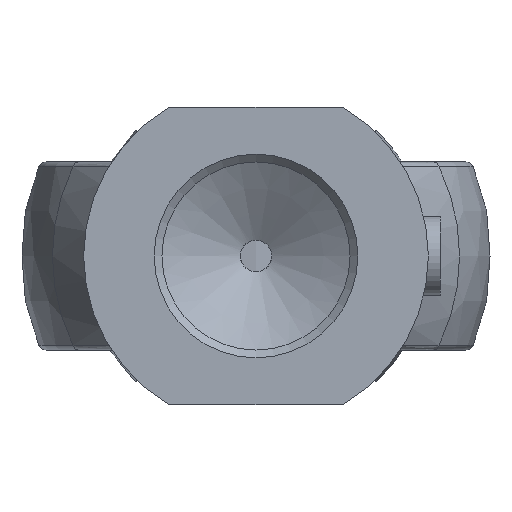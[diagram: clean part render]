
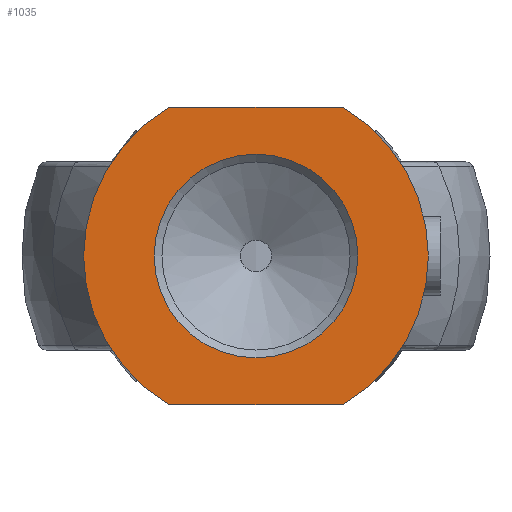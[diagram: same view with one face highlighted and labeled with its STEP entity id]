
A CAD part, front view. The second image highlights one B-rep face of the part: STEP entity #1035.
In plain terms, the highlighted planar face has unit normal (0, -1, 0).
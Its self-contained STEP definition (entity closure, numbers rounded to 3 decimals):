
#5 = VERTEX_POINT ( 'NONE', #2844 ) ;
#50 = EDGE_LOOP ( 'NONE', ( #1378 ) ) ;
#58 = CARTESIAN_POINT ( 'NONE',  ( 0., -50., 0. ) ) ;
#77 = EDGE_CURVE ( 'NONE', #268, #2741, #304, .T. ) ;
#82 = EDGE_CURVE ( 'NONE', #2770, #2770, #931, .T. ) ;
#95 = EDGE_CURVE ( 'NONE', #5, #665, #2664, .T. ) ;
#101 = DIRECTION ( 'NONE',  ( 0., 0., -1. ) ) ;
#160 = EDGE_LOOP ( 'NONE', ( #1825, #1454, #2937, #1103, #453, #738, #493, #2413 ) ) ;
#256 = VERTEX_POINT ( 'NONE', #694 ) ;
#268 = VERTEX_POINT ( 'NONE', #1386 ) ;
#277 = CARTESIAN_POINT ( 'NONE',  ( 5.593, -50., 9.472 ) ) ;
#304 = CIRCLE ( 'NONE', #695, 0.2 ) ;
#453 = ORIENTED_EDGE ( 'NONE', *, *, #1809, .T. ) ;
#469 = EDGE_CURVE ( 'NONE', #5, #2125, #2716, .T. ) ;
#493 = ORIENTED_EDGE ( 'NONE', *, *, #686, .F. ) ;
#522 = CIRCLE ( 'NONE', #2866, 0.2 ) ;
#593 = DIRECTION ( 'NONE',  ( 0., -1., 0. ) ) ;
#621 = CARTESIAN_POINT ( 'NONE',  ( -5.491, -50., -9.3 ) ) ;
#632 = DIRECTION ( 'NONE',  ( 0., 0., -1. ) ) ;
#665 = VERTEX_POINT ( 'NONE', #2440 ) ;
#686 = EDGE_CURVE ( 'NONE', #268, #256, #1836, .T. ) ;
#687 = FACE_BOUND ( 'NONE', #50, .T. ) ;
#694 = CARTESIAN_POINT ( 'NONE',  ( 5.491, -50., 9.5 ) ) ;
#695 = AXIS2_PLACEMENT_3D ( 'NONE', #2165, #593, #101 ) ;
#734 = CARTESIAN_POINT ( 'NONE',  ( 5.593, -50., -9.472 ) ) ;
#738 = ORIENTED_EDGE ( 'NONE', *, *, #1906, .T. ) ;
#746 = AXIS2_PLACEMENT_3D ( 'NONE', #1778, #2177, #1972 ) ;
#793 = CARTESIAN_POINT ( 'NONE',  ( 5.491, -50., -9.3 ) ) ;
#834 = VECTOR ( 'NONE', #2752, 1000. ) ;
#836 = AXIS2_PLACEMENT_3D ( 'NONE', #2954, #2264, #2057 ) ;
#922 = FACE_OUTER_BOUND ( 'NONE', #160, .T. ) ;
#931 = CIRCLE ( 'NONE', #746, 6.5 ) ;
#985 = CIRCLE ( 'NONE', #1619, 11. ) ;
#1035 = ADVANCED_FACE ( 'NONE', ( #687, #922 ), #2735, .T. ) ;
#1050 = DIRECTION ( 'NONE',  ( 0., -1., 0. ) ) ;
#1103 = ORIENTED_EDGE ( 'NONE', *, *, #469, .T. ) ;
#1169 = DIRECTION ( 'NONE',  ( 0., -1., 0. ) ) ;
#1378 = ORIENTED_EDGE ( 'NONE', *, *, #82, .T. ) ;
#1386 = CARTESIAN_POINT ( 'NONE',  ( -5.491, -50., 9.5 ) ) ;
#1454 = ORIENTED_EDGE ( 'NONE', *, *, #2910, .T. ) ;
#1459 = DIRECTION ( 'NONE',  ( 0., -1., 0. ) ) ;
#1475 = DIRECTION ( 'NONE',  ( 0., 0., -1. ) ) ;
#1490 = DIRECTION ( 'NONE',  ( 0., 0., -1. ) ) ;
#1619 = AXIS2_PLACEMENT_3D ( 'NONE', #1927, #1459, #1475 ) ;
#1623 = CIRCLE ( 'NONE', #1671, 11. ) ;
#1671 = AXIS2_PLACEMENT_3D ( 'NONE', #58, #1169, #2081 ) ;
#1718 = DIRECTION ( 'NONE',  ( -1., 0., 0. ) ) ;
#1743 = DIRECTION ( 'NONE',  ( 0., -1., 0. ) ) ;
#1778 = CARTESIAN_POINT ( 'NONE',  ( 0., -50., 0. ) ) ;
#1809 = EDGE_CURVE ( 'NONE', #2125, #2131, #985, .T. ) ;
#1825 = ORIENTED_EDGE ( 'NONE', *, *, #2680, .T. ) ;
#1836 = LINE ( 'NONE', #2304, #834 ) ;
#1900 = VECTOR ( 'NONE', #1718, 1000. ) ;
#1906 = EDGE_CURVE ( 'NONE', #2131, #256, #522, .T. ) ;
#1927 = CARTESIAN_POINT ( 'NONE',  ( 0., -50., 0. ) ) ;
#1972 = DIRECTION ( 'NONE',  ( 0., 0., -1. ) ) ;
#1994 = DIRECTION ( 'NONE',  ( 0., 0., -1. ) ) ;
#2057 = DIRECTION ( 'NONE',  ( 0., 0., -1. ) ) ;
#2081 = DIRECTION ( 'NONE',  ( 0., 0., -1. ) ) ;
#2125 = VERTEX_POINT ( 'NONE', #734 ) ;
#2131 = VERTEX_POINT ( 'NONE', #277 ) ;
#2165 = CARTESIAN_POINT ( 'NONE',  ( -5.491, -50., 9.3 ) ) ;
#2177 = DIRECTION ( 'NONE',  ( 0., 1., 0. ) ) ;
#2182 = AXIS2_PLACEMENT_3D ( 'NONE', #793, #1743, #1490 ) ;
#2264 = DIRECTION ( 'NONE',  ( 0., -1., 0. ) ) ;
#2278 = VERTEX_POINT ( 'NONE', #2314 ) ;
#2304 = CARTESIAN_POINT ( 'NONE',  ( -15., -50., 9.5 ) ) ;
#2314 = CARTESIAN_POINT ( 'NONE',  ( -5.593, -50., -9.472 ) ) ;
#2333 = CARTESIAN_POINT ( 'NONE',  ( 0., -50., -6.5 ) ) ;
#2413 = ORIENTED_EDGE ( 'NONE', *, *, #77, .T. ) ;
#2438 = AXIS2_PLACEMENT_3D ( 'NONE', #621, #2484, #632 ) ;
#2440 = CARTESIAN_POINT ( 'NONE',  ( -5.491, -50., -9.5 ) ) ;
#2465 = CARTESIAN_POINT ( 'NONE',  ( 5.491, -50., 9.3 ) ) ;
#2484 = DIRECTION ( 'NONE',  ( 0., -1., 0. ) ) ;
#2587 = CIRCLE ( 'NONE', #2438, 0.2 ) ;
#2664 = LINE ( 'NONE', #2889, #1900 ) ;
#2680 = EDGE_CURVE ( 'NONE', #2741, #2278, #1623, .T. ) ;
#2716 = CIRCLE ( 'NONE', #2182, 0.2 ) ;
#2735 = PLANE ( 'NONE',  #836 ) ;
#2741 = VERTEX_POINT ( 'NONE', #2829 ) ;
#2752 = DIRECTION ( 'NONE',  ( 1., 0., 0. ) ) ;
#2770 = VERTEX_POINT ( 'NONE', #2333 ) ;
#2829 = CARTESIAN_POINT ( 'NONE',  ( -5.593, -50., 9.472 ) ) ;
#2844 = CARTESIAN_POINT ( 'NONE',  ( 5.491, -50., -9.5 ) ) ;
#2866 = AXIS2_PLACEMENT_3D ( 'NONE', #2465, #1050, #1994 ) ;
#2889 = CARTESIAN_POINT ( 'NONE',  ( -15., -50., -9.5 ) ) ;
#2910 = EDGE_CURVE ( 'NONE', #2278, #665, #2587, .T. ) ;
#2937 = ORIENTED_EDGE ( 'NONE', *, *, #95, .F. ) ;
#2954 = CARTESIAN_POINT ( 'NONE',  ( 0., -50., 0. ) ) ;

:::::

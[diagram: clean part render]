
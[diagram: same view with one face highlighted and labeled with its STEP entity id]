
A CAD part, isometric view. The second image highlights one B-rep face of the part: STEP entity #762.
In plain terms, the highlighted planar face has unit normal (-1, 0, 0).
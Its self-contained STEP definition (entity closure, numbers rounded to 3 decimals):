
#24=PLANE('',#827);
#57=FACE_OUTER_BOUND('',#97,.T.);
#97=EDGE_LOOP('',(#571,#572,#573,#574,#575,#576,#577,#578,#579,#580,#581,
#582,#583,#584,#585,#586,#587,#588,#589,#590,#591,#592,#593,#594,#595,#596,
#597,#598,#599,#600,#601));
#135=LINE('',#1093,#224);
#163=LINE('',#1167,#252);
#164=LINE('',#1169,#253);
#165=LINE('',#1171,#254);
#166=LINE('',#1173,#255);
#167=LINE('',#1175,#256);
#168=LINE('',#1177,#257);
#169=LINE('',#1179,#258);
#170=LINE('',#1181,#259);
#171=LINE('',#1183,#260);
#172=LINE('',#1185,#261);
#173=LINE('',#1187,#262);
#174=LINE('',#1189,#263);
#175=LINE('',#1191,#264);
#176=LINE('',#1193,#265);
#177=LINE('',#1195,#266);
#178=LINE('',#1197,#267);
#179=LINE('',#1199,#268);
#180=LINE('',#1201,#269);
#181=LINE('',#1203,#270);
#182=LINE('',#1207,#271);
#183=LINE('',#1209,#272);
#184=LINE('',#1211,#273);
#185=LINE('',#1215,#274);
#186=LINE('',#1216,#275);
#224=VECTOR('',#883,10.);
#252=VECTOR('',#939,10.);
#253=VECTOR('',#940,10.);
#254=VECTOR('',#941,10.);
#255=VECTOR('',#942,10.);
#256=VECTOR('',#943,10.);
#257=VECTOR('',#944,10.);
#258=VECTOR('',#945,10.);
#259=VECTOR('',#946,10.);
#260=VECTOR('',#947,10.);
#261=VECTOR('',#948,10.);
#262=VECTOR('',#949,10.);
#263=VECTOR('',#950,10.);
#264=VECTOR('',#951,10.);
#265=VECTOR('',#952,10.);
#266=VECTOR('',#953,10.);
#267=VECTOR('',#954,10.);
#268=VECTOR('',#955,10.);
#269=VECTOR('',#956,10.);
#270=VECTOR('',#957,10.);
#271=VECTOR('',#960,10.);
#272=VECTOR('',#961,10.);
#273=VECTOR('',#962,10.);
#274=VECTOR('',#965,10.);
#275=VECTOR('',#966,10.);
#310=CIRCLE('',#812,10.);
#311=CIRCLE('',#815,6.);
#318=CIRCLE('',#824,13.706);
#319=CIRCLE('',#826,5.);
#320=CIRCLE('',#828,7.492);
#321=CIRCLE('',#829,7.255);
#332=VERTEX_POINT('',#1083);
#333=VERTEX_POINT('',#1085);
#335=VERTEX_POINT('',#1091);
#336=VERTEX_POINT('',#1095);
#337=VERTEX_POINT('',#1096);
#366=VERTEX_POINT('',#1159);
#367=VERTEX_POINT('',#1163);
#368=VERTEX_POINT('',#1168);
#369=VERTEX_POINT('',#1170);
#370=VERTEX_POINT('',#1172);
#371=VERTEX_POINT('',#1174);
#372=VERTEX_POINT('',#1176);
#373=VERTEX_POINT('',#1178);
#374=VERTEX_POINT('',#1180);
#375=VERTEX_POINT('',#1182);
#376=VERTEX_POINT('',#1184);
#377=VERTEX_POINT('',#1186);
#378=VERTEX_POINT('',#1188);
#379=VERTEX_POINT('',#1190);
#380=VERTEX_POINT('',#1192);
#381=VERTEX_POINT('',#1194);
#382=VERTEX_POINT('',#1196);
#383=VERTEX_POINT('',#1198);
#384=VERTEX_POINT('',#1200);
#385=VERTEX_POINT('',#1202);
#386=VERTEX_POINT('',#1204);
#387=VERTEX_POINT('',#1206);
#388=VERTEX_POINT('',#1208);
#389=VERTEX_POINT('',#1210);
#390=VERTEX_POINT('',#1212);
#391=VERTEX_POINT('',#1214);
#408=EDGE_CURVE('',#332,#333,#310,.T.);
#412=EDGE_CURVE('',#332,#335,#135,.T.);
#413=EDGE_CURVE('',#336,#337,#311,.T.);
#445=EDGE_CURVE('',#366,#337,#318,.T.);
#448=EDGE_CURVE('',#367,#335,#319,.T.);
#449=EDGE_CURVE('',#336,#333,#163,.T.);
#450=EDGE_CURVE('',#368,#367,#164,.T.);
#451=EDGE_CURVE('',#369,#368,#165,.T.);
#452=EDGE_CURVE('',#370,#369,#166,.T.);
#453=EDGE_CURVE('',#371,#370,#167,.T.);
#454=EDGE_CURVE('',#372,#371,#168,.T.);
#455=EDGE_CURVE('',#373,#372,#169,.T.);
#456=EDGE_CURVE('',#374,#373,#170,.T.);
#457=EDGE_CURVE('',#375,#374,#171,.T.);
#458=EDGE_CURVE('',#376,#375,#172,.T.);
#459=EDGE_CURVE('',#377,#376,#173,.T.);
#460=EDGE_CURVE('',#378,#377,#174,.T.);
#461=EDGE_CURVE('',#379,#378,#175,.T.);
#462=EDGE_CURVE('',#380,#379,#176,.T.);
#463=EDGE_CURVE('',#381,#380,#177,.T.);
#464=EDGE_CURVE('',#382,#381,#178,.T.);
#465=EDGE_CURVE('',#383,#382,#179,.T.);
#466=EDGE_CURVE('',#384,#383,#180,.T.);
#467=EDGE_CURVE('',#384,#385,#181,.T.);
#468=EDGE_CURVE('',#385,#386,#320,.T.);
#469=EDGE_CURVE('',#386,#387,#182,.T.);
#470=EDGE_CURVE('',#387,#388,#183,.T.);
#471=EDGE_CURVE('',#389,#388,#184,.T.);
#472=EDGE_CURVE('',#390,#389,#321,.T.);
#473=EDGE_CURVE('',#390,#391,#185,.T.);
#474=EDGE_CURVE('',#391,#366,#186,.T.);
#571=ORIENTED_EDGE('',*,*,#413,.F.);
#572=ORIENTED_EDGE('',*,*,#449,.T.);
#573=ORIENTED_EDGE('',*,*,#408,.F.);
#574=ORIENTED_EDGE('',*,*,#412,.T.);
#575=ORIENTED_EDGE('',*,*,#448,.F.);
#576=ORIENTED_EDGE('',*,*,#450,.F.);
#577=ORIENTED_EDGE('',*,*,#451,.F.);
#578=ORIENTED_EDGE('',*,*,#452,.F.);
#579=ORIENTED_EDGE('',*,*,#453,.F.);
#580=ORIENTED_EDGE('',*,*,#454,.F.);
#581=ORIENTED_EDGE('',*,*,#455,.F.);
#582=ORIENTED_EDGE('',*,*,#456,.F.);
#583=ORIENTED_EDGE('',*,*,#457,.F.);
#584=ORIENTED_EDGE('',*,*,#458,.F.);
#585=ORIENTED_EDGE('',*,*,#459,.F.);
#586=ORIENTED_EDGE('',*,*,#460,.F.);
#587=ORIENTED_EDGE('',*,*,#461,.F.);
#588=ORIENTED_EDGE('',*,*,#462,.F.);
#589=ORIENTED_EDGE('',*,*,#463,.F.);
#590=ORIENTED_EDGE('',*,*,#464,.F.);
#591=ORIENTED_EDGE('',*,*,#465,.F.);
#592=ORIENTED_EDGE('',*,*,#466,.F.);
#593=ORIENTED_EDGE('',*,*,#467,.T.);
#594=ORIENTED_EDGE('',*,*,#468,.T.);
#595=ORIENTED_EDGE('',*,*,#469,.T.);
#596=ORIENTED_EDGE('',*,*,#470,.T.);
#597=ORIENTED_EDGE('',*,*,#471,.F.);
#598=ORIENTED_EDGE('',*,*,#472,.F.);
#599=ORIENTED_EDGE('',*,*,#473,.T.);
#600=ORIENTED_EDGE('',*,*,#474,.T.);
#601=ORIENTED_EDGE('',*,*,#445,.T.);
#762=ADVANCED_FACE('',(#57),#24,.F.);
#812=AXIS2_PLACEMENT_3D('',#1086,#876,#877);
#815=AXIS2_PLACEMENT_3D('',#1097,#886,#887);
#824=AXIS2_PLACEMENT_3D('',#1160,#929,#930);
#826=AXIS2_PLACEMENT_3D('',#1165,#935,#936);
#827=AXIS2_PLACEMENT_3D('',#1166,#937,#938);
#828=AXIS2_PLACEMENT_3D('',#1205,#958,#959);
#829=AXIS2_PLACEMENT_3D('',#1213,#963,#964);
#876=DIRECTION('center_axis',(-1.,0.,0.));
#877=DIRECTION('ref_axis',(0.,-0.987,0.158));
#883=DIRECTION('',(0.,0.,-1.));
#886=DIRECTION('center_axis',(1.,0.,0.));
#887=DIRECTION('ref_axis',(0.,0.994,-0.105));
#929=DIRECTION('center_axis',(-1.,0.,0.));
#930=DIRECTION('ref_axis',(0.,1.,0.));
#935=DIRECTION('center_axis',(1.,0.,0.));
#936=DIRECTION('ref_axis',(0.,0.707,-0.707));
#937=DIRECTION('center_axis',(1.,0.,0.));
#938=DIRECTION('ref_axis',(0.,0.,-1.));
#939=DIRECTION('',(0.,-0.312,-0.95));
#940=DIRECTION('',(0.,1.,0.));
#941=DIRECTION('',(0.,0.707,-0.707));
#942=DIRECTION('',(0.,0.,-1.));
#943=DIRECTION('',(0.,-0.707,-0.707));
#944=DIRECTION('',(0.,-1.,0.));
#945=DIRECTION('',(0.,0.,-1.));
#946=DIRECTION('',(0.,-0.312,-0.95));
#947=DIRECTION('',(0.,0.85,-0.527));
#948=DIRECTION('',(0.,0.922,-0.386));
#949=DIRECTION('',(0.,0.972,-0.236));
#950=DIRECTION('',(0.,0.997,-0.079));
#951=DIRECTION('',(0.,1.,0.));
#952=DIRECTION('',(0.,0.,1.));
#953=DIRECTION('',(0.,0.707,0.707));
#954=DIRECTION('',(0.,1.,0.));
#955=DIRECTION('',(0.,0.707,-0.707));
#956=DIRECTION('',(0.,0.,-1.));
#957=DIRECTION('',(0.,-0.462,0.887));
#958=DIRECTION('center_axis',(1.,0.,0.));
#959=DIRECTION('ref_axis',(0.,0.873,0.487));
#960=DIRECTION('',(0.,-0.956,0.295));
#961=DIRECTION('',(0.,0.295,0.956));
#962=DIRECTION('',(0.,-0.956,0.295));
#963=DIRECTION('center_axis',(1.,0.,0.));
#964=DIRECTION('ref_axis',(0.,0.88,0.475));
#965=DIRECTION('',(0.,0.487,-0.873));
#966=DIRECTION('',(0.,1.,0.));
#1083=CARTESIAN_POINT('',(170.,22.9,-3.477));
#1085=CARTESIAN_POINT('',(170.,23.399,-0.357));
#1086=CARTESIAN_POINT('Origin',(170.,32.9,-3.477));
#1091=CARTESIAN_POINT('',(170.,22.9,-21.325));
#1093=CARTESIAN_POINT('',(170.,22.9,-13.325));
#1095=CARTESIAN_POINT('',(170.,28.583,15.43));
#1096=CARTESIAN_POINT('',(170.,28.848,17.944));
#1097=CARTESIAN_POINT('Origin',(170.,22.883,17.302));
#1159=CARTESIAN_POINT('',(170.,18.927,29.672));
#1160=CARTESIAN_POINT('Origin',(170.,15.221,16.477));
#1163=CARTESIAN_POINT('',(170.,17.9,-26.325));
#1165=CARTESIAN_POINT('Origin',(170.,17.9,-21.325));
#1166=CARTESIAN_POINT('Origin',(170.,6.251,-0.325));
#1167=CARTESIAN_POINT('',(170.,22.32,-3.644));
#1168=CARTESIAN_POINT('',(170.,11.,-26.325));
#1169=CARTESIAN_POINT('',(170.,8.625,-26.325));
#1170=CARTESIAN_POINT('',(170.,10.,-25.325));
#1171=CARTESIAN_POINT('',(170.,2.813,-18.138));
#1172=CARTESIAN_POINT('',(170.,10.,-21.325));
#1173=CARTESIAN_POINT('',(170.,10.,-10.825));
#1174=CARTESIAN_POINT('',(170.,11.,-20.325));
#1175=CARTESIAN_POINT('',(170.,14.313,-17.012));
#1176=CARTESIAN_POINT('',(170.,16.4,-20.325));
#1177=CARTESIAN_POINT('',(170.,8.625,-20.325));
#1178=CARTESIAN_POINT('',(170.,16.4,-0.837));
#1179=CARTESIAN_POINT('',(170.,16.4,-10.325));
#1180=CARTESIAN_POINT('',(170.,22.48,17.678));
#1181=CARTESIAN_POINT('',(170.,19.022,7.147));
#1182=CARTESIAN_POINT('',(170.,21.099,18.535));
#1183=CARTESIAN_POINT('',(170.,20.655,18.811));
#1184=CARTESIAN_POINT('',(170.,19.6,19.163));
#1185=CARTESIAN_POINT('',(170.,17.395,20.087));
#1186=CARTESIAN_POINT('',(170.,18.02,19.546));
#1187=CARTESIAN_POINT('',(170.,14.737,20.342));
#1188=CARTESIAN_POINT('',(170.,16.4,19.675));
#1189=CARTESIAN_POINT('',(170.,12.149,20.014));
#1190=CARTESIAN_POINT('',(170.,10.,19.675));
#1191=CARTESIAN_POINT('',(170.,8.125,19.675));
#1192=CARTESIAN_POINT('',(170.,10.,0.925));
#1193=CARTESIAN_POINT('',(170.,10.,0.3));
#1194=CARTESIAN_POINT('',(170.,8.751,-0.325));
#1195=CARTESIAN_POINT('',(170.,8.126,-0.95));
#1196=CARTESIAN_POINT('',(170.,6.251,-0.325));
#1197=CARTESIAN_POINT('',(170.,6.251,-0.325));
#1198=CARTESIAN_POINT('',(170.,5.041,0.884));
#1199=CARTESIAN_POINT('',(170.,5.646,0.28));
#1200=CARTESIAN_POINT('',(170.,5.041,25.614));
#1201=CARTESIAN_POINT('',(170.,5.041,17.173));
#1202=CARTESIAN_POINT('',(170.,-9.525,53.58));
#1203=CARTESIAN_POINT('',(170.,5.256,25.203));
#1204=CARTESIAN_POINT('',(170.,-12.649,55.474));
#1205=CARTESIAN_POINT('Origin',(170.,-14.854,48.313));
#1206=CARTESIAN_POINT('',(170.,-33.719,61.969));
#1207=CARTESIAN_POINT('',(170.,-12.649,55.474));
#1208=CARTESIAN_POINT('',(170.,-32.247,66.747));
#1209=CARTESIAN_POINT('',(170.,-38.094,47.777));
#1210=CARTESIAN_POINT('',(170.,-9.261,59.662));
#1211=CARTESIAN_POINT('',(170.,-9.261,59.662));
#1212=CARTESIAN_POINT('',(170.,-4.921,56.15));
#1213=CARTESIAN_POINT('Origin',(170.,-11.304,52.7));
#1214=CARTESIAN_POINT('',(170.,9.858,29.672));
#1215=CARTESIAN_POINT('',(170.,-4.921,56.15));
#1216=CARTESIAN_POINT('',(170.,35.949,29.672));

:::::

About this exercise ->
Keeping every character as it is, restate the lines above that run from the line with "#941=DIRECTION('',(0.,0.707,-0.707));" through the line with "#1095=CARTESIAN_POINT('',(170.,28.583,15.43));", both included, and nothing else.

Exercise output ->
#941=DIRECTION('',(0.,0.707,-0.707));
#942=DIRECTION('',(0.,0.,-1.));
#943=DIRECTION('',(0.,-0.707,-0.707));
#944=DIRECTION('',(0.,-1.,0.));
#945=DIRECTION('',(0.,0.,-1.));
#946=DIRECTION('',(0.,-0.312,-0.95));
#947=DIRECTION('',(0.,0.85,-0.527));
#948=DIRECTION('',(0.,0.922,-0.386));
#949=DIRECTION('',(0.,0.972,-0.236));
#950=DIRECTION('',(0.,0.997,-0.079));
#951=DIRECTION('',(0.,1.,0.));
#952=DIRECTION('',(0.,0.,1.));
#953=DIRECTION('',(0.,0.707,0.707));
#954=DIRECTION('',(0.,1.,0.));
#955=DIRECTION('',(0.,0.707,-0.707));
#956=DIRECTION('',(0.,0.,-1.));
#957=DIRECTION('',(0.,-0.462,0.887));
#958=DIRECTION('center_axis',(1.,0.,0.));
#959=DIRECTION('ref_axis',(0.,0.873,0.487));
#960=DIRECTION('',(0.,-0.956,0.295));
#961=DIRECTION('',(0.,0.295,0.956));
#962=DIRECTION('',(0.,-0.956,0.295));
#963=DIRECTION('center_axis',(1.,0.,0.));
#964=DIRECTION('ref_axis',(0.,0.88,0.475));
#965=DIRECTION('',(0.,0.487,-0.873));
#966=DIRECTION('',(0.,1.,0.));
#1083=CARTESIAN_POINT('',(170.,22.9,-3.477));
#1085=CARTESIAN_POINT('',(170.,23.399,-0.357));
#1086=CARTESIAN_POINT('Origin',(170.,32.9,-3.477));
#1091=CARTESIAN_POINT('',(170.,22.9,-21.325));
#1093=CARTESIAN_POINT('',(170.,22.9,-13.325));
#1095=CARTESIAN_POINT('',(170.,28.583,15.43));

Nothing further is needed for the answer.